Yine kentimizin Opera ve Balesi, çeşitli korolar, dans grupları 
Belediye Bandosu burada yapılacak etkinliklere katkı verebilirler.
Yaz günlerinde akşamları bu meydanda eski Mersin’de ki gibi küçük 
bir yazlık sinema dahi kurulabilir.
Yani sanat ve kültürü ve yaşamı açık havaya indirebilirsiniz.
Yeniden hayata geçirilen Aşıklar Parkı çevresindeki dükkanlar kısa 
zamanda dolacak bu meydanda bir çok da kafe açılacaktır.
*** Büyük Alışveriş Merkezlerine karşı açık hava avantajları öne 
çıkarılabilir. Açık havada insanlar serbestçe sigara içerler, portatif 
çay, kahve ve yiyecek stantlarından açık hava özgürlüğünü 
kullanarak yararlanabilirler.
*** Sokak Müzisyenleri olarak adlandırdığımız müzisyenlerde 
trafiğe kapalı sokakta serbestçe müzik yapabilirler.
*** Park kenarına yapılacak bisiklet koyma yerleri ile buraya 
bisikletle gelenlerinde çoğalması ve yeni oluşmaya başlayan bisiklet 
gruplarının bir buluşma noktası olması sağlanabilir.
*** Sonuç olarak kent içinde, doğal ürünleri satın alabileceğiniz, 
semt pazarı gibi görebileceğiniz, bisikletle gelebileceğiniz, sigara 
içebileceğiniz, doğal bir müzik dinleyebileceğiniz kent içinde bir ada 
meydana getirilmiş oluyor. Bu adanın çevresindeki esnaflarda 
bundan etkilenecektir. Belki ilave konularla zenginleştirilebilir.
*** Çamlıbel’in daha da cazibesini arttırmak istersek Müftü Deresi 
düzenlemesi yapılabilir. Denizle bağlantısı kesilen kent en azından 
içerisinden geçen ırmağa sahip çıkar. Deniz suyu pompalanarak 
kayıklarla gezilebilecek bir gezinti alanı meydana getirilebilir.

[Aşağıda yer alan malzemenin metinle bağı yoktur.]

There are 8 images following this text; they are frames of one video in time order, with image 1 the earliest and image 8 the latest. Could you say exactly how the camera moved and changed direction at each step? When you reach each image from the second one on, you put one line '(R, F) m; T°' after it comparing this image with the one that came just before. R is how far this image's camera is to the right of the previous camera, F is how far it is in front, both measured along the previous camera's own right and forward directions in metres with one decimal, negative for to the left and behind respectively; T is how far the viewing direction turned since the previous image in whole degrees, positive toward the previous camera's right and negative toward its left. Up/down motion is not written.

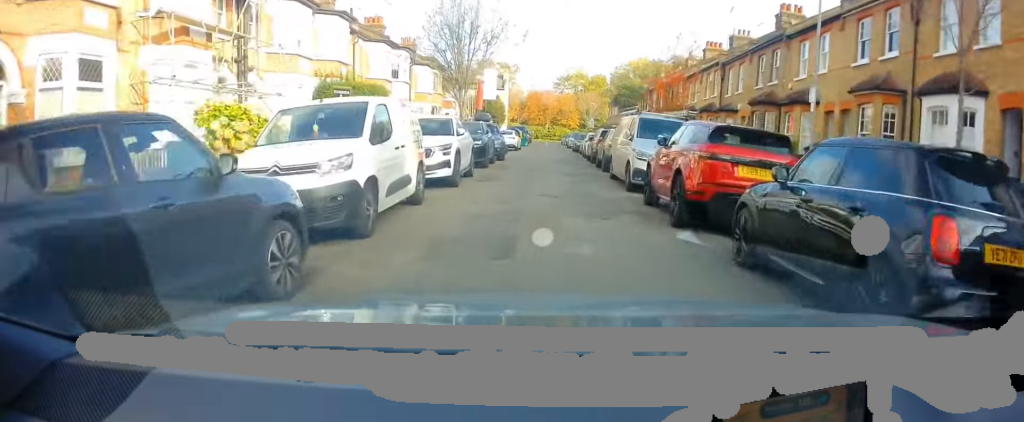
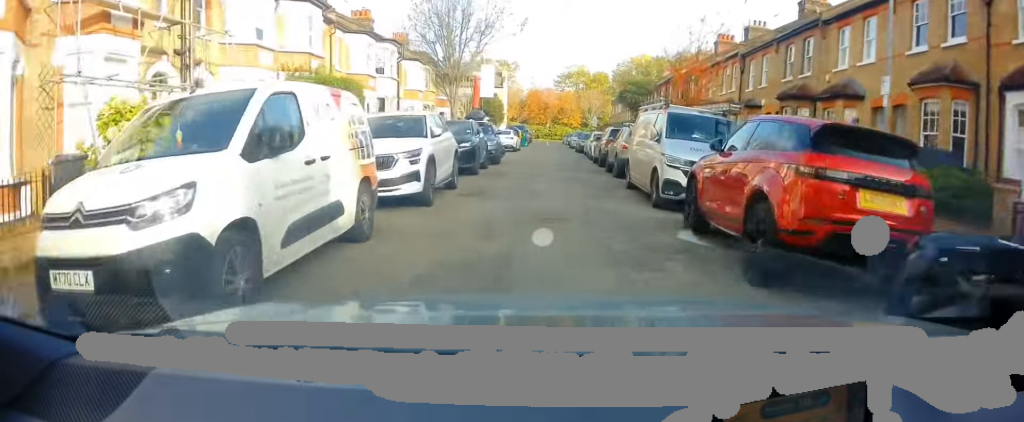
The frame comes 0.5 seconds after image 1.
(0.0, +3.1) m; 0°
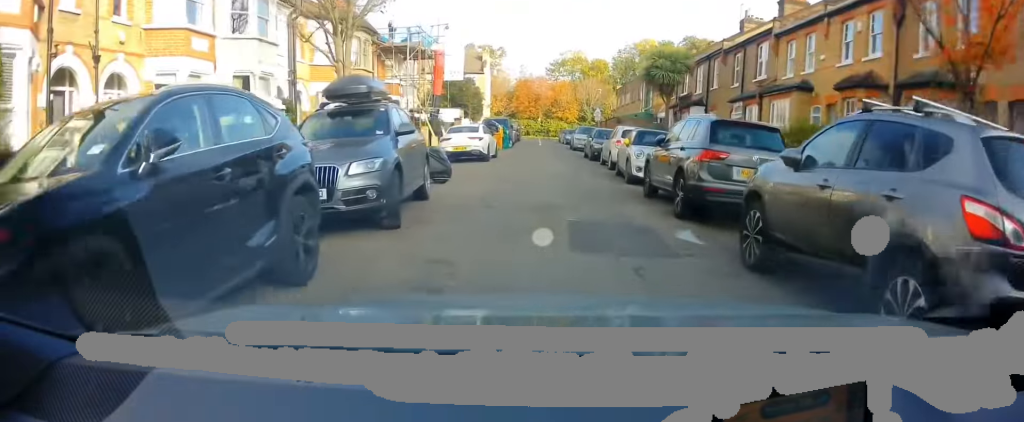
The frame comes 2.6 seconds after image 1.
(+0.4, +14.2) m; +2°
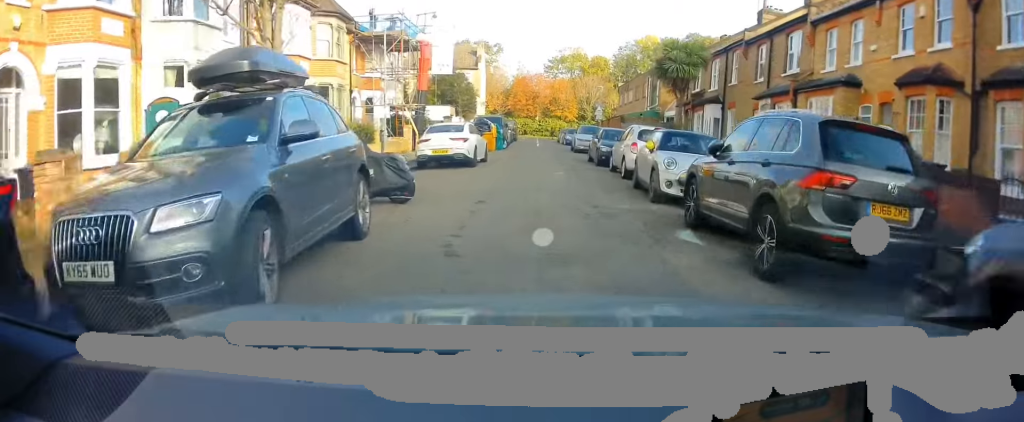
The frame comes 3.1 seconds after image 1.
(0.0, +3.6) m; -2°
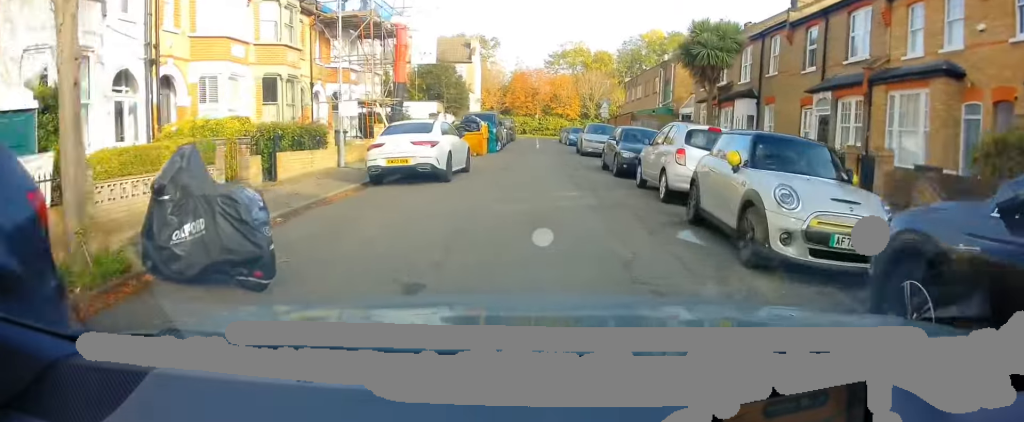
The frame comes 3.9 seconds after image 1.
(-0.2, +5.0) m; 0°
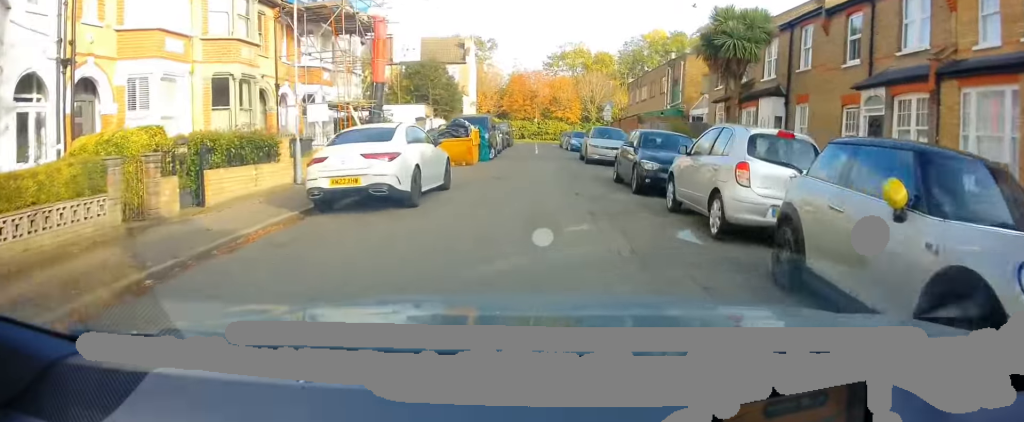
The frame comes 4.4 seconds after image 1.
(-0.1, +3.3) m; +1°
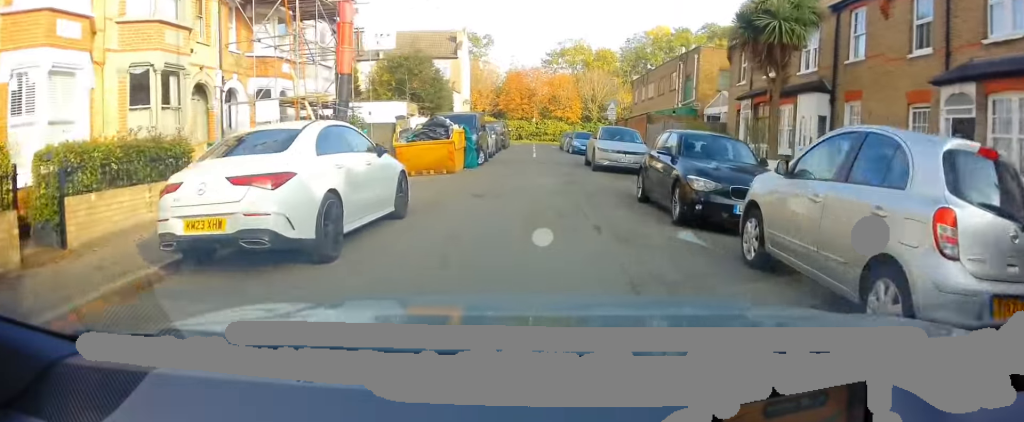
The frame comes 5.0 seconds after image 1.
(+0.3, +3.9) m; +2°
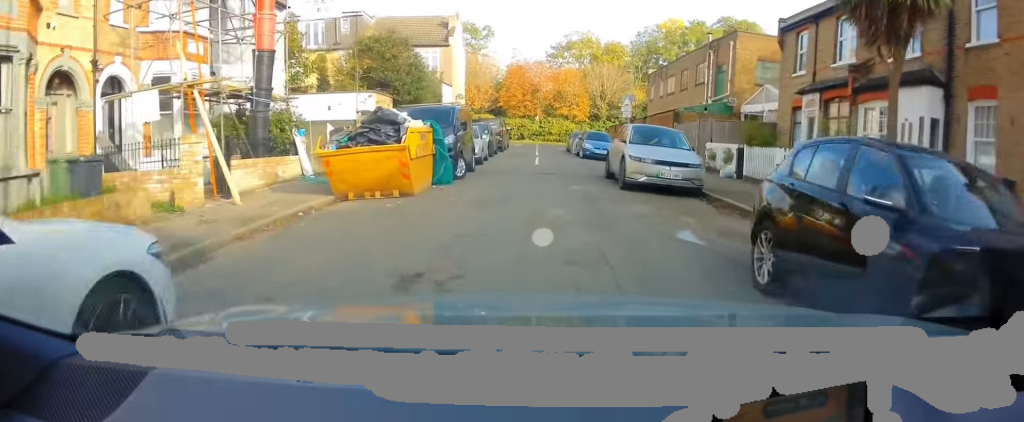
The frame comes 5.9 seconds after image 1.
(0.0, +6.2) m; -1°

*** Balıkçı Barınağı karşısında ana Bulvar üzerinde neredeyse 
tamamı kapanmış mağazalar, özel bir izinle, kafe, restoran, 
pastane, birahane olarak kullanılabilir. Denize yakın, deniz 
manzarası olan, deniz kokusu alabileceğiniz, tekneleri 
seyredebileceğiniz bir cazibe bölgesi meydana gelecektir. 
*** Yine Mersin’in eski yıllarına döndüğümüzde Devlet Güzel 
Sanatlar Resim Galerisi’nin Belediye Taş Bina’nın altında olduğunu 
hatırlarız. O zamanlar sürekli ziyaretçisinin bulunduğunu ve Atatürk 
Caddesi’ne ayrı bir önem ve cazibe kazandırdığını hatırlarız. 

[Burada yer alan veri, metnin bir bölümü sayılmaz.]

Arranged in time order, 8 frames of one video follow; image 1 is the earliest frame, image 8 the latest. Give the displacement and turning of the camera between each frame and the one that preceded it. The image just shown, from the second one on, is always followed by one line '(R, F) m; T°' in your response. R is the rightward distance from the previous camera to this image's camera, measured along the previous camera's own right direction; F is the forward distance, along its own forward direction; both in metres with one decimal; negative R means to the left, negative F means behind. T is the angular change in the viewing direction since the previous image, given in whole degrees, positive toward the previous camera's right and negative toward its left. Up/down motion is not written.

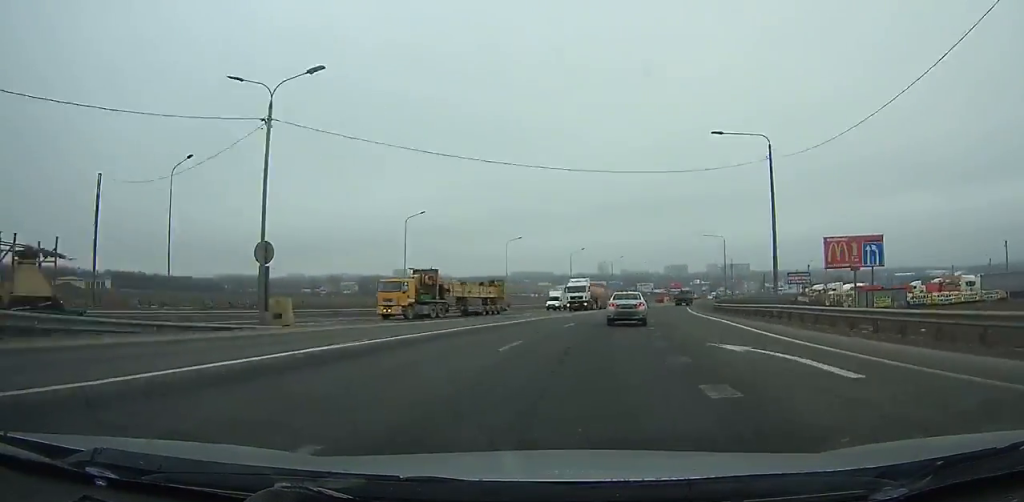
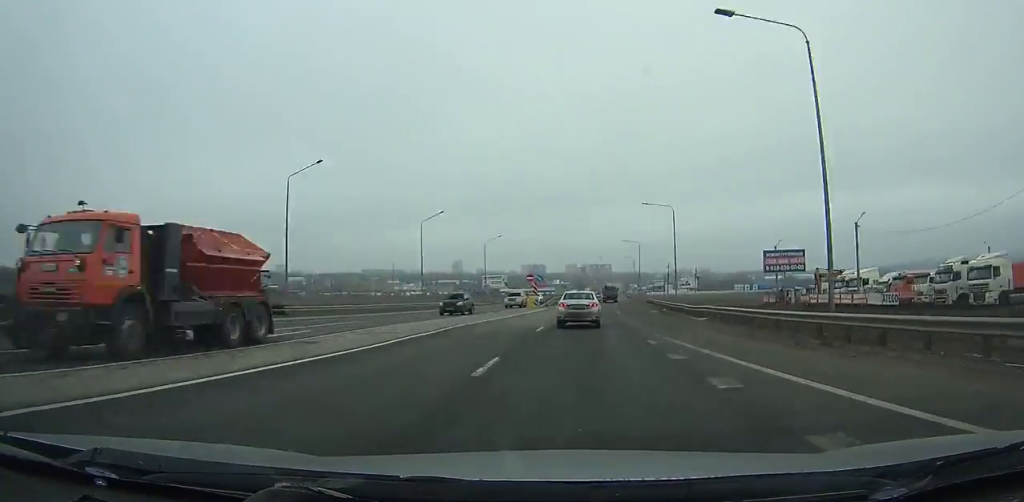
(+8.8, +74.2) m; +11°
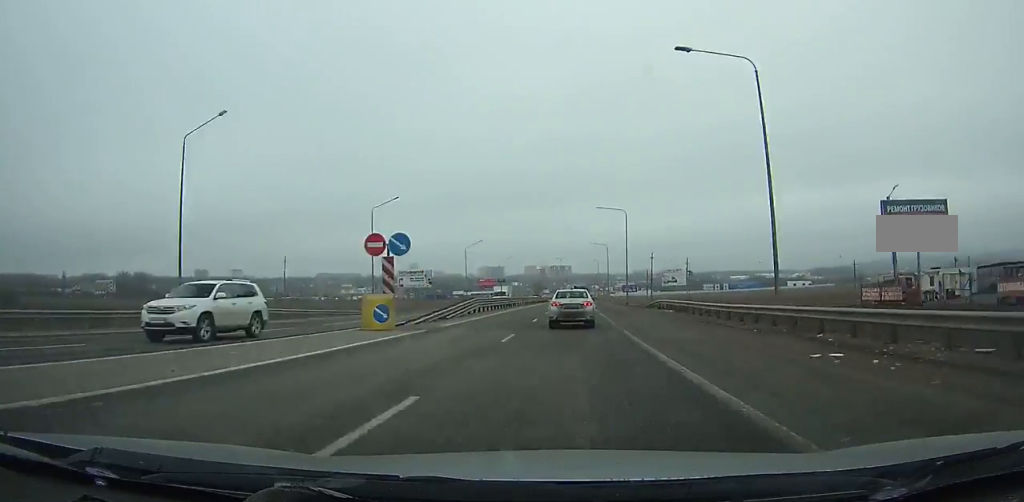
(+1.6, +41.5) m; +2°
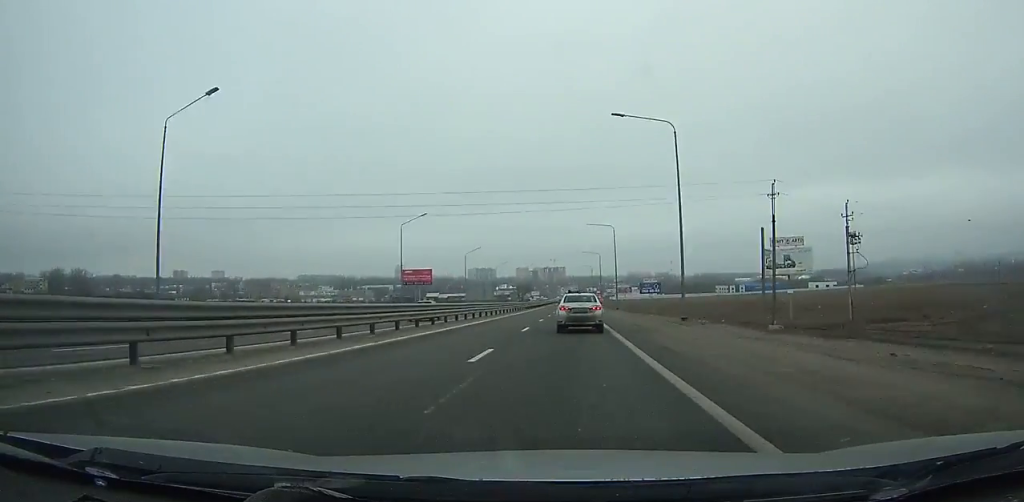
(+1.3, +84.5) m; +1°
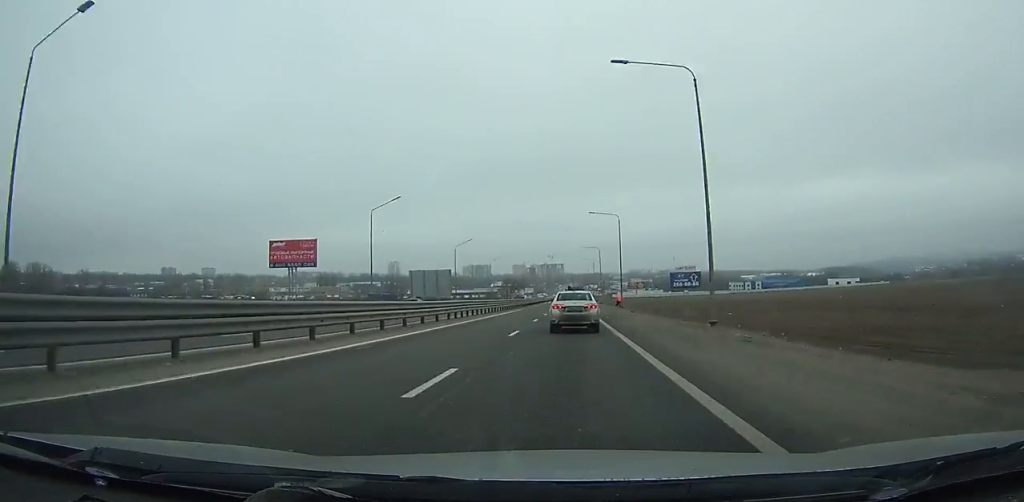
(-0.2, +53.2) m; 0°
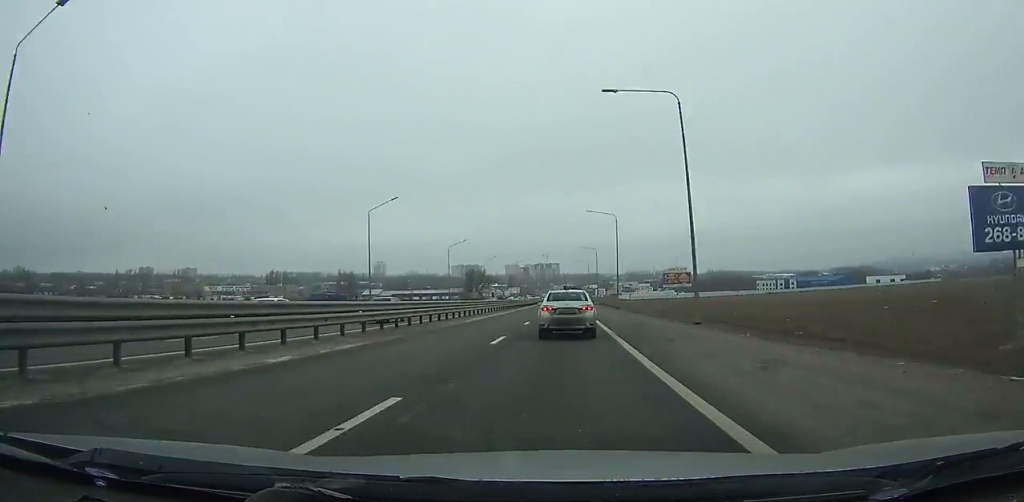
(+0.5, +87.4) m; 0°
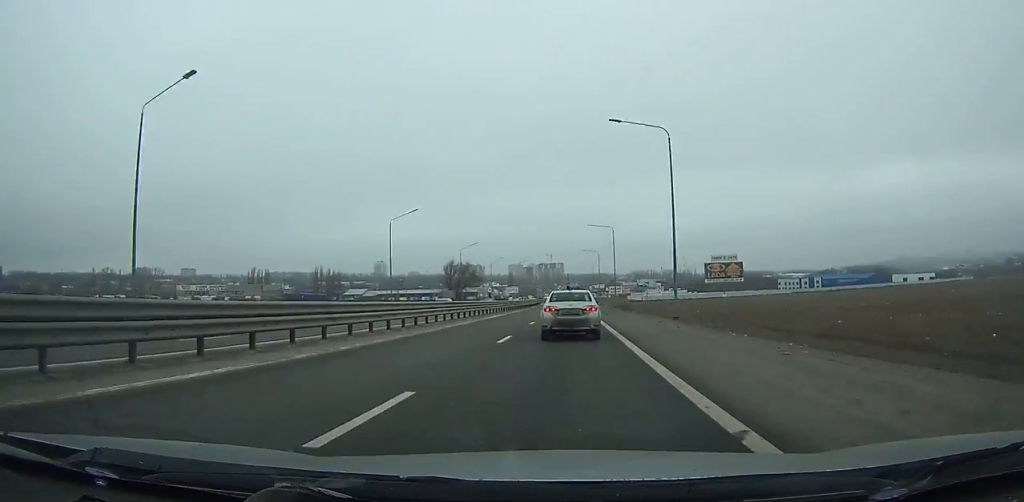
(-0.1, +36.0) m; 0°
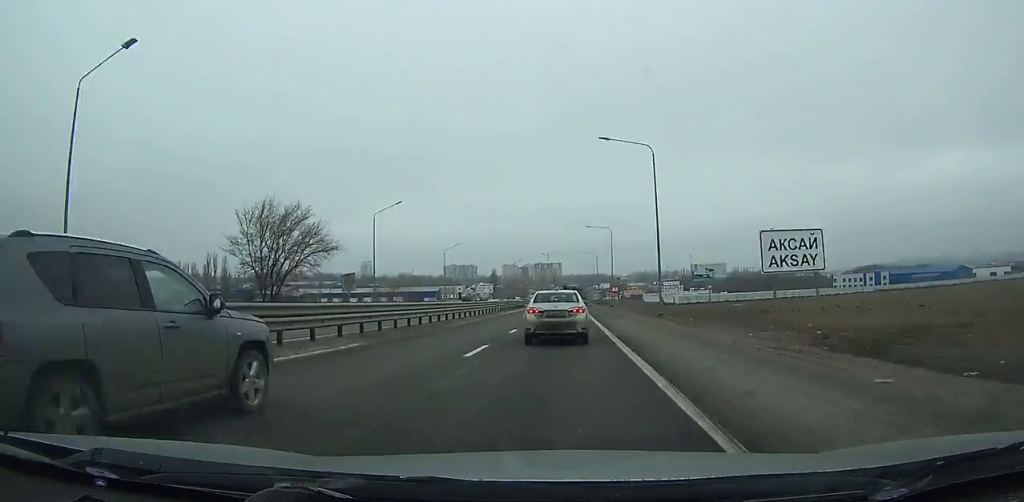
(-0.2, +87.9) m; 0°

Şimdilerde Meclis Salonu olarak ayda yalnızca bir yada iki kez 
kullanılan bu yer tekrar eski fonksiyonel haline getirilebilir.
Şu andaki kahvelerin arasında bir ara sokakta bulunan galeri 
maalesef ziyaretçi cezbedememektedir.
.*** Bin metrelik kentin iki ucu arasındaki hat üzerinde bir Katolik 
Kilisesi’nin, bir Ortodoks Kilisesi’nin, bir büyük ve yeni, birde küçük 
ve eski caminin olduğunu düşünün.                                         

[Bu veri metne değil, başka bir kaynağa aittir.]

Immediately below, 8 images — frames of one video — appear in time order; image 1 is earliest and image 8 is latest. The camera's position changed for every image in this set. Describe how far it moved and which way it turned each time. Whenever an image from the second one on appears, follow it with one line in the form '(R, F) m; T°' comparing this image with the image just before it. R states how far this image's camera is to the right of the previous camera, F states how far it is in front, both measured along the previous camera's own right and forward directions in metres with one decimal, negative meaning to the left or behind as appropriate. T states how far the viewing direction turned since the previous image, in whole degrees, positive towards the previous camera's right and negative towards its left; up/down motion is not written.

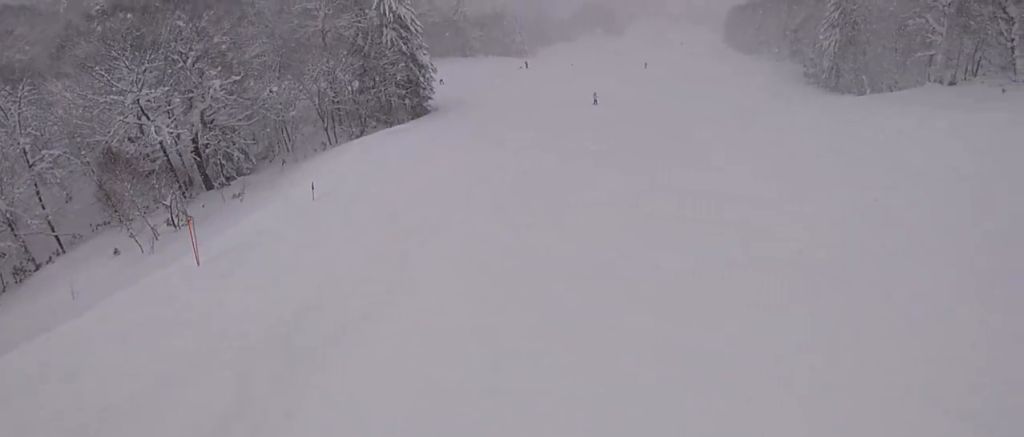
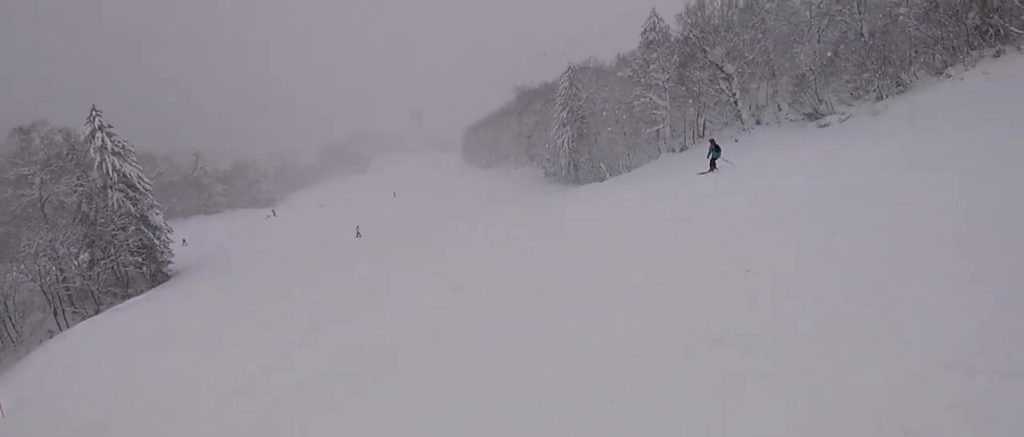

 Herhalde Akdeniz kıyısında bu özellikte çok az kent vardır
*** Özellikle Çamlıbel’de boş dükkanların sahipleri hala eski 
dönemdeki kiraları istemektedirler. En az iki yıl düşük bir kiraya 
vermeliler, daha sonra mutlaka eski durumuna dönecektir. 
*** Çamlıbel, askeriye ve askeri Kışla ile özdeşleşmiş bir semttir.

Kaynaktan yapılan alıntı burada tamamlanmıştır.